__WHAT NEEDS TO BE DONE__.
When you reach the line with "6'd7 : begin" in the listing below, transcribe it and each line after it up to and including the line with "end //SHIFT RIGHT LOGIC", exactly and with nothing else.

■ ■ ■ ■ ■ ■ ■

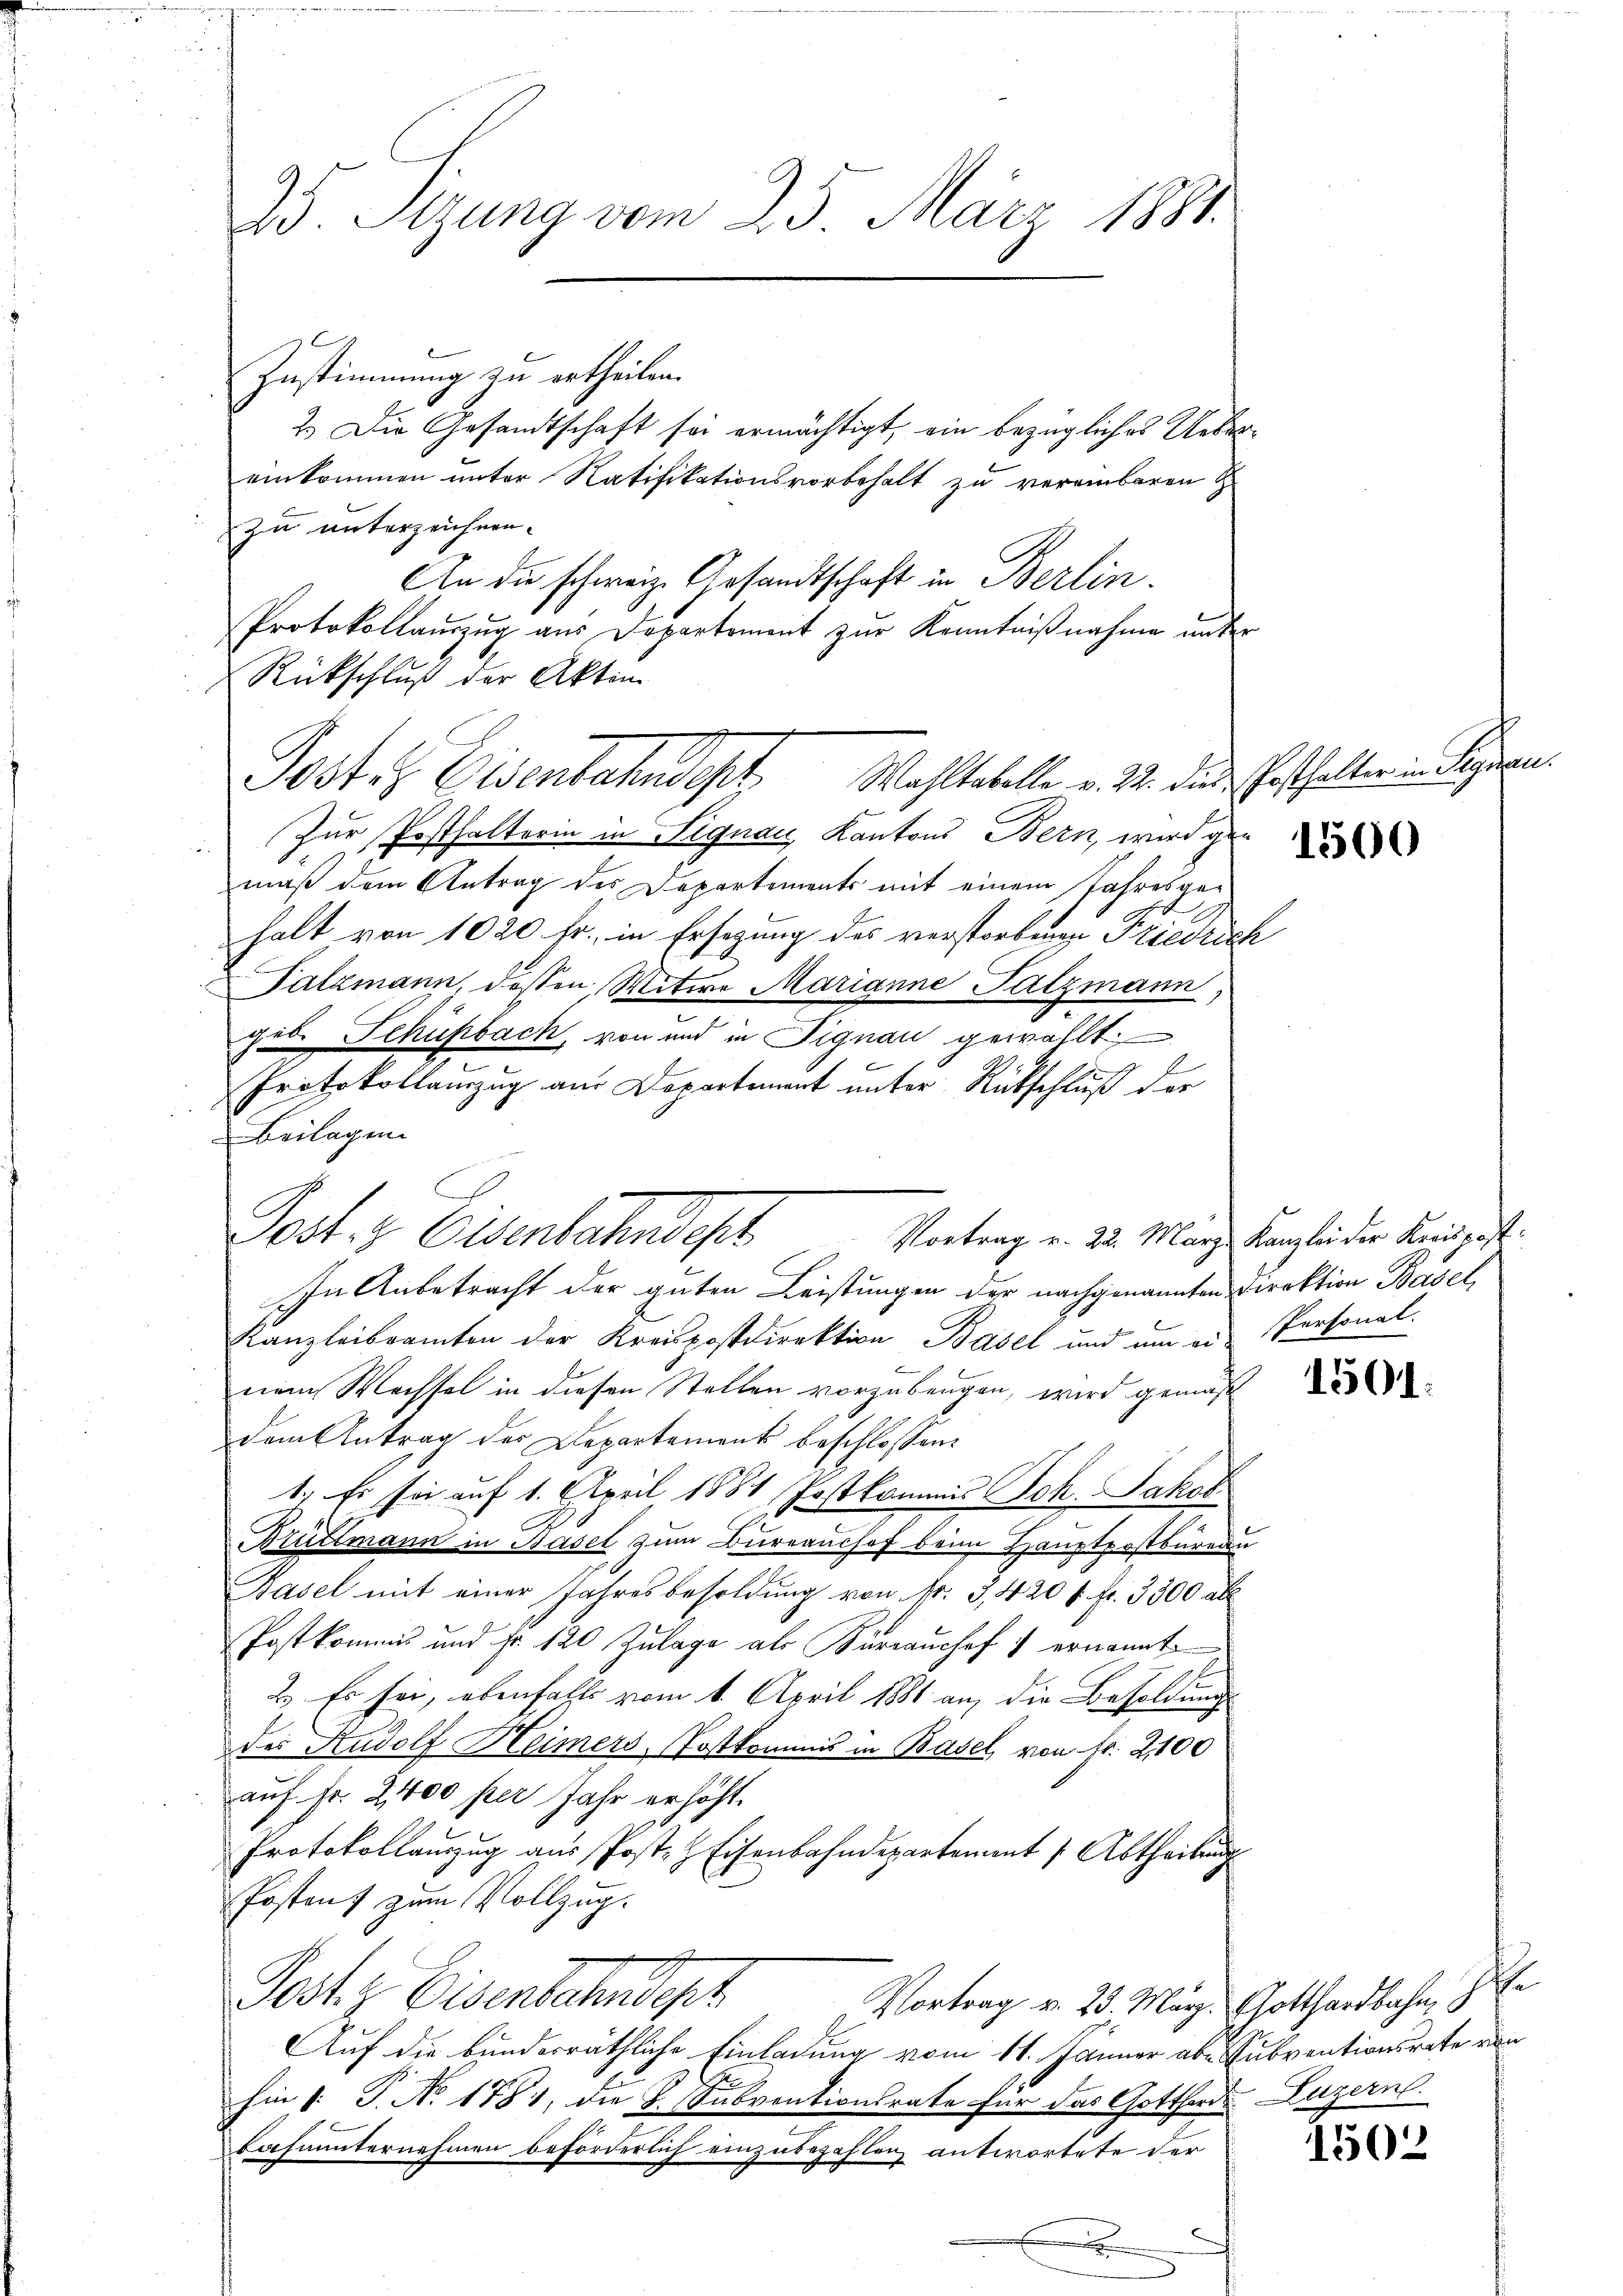
25. Sizung vom 25. März 1881.

Zustimmung zu ertheilen.
2.) Die Gesandtschaft sei ermächtigt, ein bezügliches Uebereinkommen unter Ratifikationsvorbehalt zu vereinbaren
zu unterzeichnen.
An die schweiz. Gesandtschaft in Berlin.
Protokollauszug aus Departement zur Kenntnißnahme unter
Rückschluß der Akten
Zur Posthalterin in Signau, Kantons Bern, wird gen
mäß dem Antrag des Departements mit einem Jahresgehalt von 1020 fr., in Ersezung des verstorbenen Friedrich
Salzmann, dessen Witwe Marianne Salzmann
gib. Schupbach, von und in Signau gewählt
c
Protokollanzug am Departement unter Rückschluß der
Beilagen
Post. v. Eisenbachendest
In Anbetracht der guten Leistungen der nachgenannten Direktion Basel,
Kanzleibeamten der Kreispostdirektion Basel und um ei Personal-
eiem Wechsel in diesen Stellen vorzubeugen, wird gemäß
dem Antrag der Departement beschlossen:
1. Es sei auf 1. April 1881 (Postkommis Joh. Jakob
Bruttmann in Basel zum Bureaushof beim Hauptpostbureau
Basel mit einer Jahresbesoldung von fr. 3, 420 f. fr. 3300 all
Postkommnis und Fr. 120 Zulage als Kurrauchef ernannte
2.) Es sei, ebenfalls vom 1. April 1881 an, die Besoldung
des Rudolf Heimers Postkommis in Basel, von Fr. 2100
auf Fr. 2,000 per Jahr erhöht.
Protokollanzug aus Post. Eisenbahndepartement (Abtheilung
Postenz zum Vollzug.
Post. Eisenbahndepr
Vortrag v. 23. März. Gotthardbahn, 7 E
Auf die bunderräthliche Einladung vom 11. Jänner aber Subventionsrate von
hin 1. P. No. 1781, die Subventionsrate für das Gotthard Luzern
bahnunternehmen beförderlich einzubezahlen antwortete der
.

Poster Eisenbahndept. Wahltabelle v. 24. die Gasthalter in Regien

Vortrag u. 22. März, Kanzlei der Kreispost¬

1501.

1502
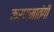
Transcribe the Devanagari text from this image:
कर्णमातंगी
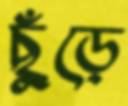
ছুঁড়ে
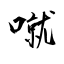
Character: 噈
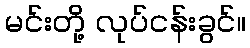
မင်းတို့ လုပ်ငန်းခွင်။
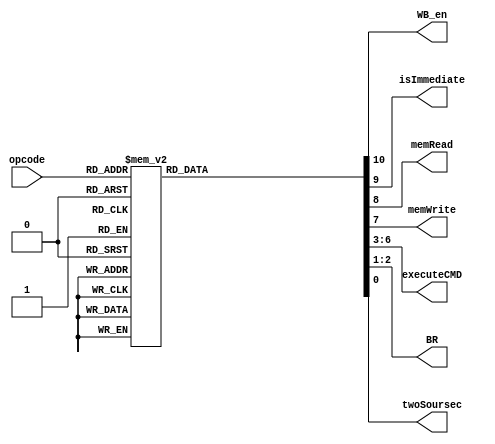
module controlUnit (input[5:0] opcode,output reg WB_en, isImmediate, memRead, memWrite, output reg[3:0]executeCMD, output reg[1:0]BR,output reg twoSoursec);
	always@(opcode)begin
	{WB_en, isImmediate, memRead, memWrite, executeCMD,BR,twoSoursec} = 11'd0;
	case(opcode)
		6'd0 : begin {WB_en, isImmediate, memRead, memWrite, executeCMD,BR,twoSoursec} = 11'd0; end //NOp
		6'd1 : begin {WB_en, isImmediate, memRead, memWrite, executeCMD,BR,twoSoursec} = 11'b10000001001; end //ADD
		6'd3 : begin {WB_en, isImmediate, memRead, memWrite, executeCMD,BR,twoSoursec} = 11'b10000010001; end //SUB
		6'd5 : begin {WB_en, isImmediate, memRead, memWrite, executeCMD,BR,twoSoursec} = 11'b10000011001; end //AND
		6'd6 : begin {WB_en, isImmediate, memRead, memWrite, executeCMD,BR,twoSoursec} = 11'b10000100001; end //OR
		6'd7 : begin {WB_en, isImmediate, memRead, memWrite, executeCMD,BR,twoSoursec} = 11'b10000101001; end //NOR
		6'd8 : begin {WB_en, isImmediate, memRead, memWrite, executeCMD,BR,twoSoursec} = 11'b10000110001; end //XOR
		6'd9 : begin {WB_en, isImmediate, memRead, memWrite, executeCMD,BR,twoSoursec} = 11'b10000111001; end //SHIFT LEFT
		6'd10 : begin {WB_en, isImmediate, memRead, memWrite, executeCMD,BR,twoSoursec} = 11'b10001000001; end //SLL SHIFT LEFT LOGIC
		6'd11: begin {WB_en, isImmediate, memRead, memWrite, executeCMD,BR,twoSoursec} = 11'b10001001001; end //SHIFT RIGHT SRA
		6'd12: begin {WB_en, isImmediate, memRead, memWrite, executeCMD,BR,twoSoursec} = 11'b10001010001; end //SHIFT RIGHT LOGIC
		6'd32 : begin {WB_en, isImmediate, memRead, memWrite, executeCMD,BR,twoSoursec} = 11'b11000001000; end //ADDI
		6'd33 : begin {WB_en, isImmediate, memRead, memWrite, executeCMD,BR,twoSoursec} = 11'b11000010000; end //SUBI
		6'd36 : begin {WB_en, isImmediate, memRead, memWrite, executeCMD,BR,twoSoursec} = 11'b11100001000; end //LD
		6'd37 : begin {WB_en, isImmediate, memRead, memWrite, executeCMD,BR,twoSoursec} = 11'b01010001001; end //ST mem(rs1+offsert)<= rs
		6'd40 : begin {WB_en, isImmediate, memRead, memWrite, executeCMD,BR,twoSoursec} = 11'b01000000010; end //BEZ 
		6'd41 : begin {WB_en, isImmediate, memRead, memWrite, executeCMD,BR,twoSoursec} = 11'b01000000101; end //BNE
		6'd42 : begin {WB_en, isImmediate, memRead, memWrite, executeCMD,BR,twoSoursec} = 11'b01000000110; end //JMP
	endcase
	end
endmodule
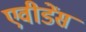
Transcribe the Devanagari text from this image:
एवीडेंस
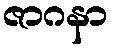
ဇာဂနာ
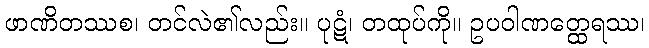
ဖာဏိတဿစ၊ တင်လဲ၏လည်း။ ပုဋံ၊ တထုပ်ကို။ ဥပဝါဏတ္ထေရဿ၊
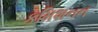
કમિશનન
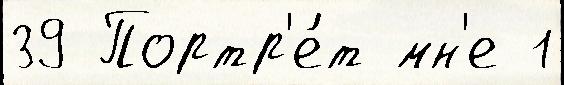
39 Портр'е́т мн'е 1
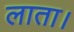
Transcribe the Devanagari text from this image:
लाता।
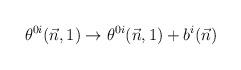
LaTeX: \begin{align*}\theta^{0i}(\vec n,1) \to \theta^{0i}(\vec n,1) +b^i(\vec n)\end{align*}
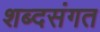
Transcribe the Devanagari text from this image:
शब्दसंगत
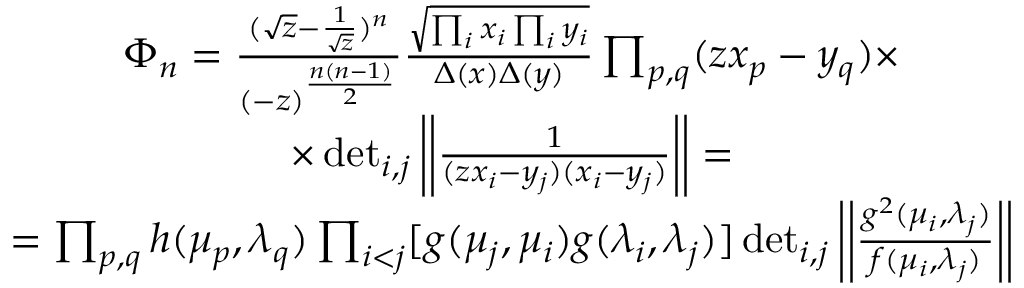
\begin{array} { c } { { \Phi _ { n } = \frac { ( \sqrt { z } - \frac { 1 } { \sqrt { z } } ) ^ { n } } { ( - z ) ^ { \frac { n ( n - 1 ) } { 2 } } } \frac { \sqrt { \prod _ { i } x _ { i } \prod _ { i } y _ { i } } } { \Delta ( x ) \Delta ( y ) } \prod _ { p , q } ( z x _ { p } - y _ { q } ) \times } } \\ { { \times \operatorname * { d e t } _ { i , j } \left| \left| \frac { 1 } { ( z x _ { i } - y _ { j } ) ( x _ { i } - y _ { j } ) } \right| \right| = } } \\ { { = \prod _ { p , q } h ( \mu _ { p } , \lambda _ { q } ) \prod _ { i < j } [ g ( \mu _ { j } , \mu _ { i } ) g ( \lambda _ { i } , \lambda _ { j } ) ] \operatorname * { d e t } _ { i , j } \left| \left| \frac { g ^ { 2 } ( \mu _ { i } , \lambda _ { j } ) } { f ( \mu _ { i } , \lambda _ { j } ) } \right| \right| } } \end{array}

■ ■ ■ ■ ■ ■ ■

__SOLUTION FOR THIS TASK__.
		6'd7 : begin {WB_en, isImmediate, memRead, memWrite, executeCMD,BR,twoSoursec} = 11'b10000101001; end //NOR
		6'd8 : begin {WB_en, isImmediate, memRead, memWrite, executeCMD,BR,twoSoursec} = 11'b10000110001; end //XOR
		6'd9 : begin {WB_en, isImmediate, memRead, memWrite, executeCMD,BR,twoSoursec} = 11'b10000111001; end //SHIFT LEFT
		6'd10 : begin {WB_en, isImmediate, memRead, memWrite, executeCMD,BR,twoSoursec} = 11'b10001000001; end //SLL SHIFT LEFT LOGIC
		6'd11: begin {WB_en, isImmediate, memRead, memWrite, executeCMD,BR,twoSoursec} = 11'b10001001001; end //SHIFT RIGHT SRA
		6'd12: begin {WB_en, isImmediate, memRead, memWrite, executeCMD,BR,twoSoursec} = 11'b10001010001; end //SHIFT RIGHT LOGIC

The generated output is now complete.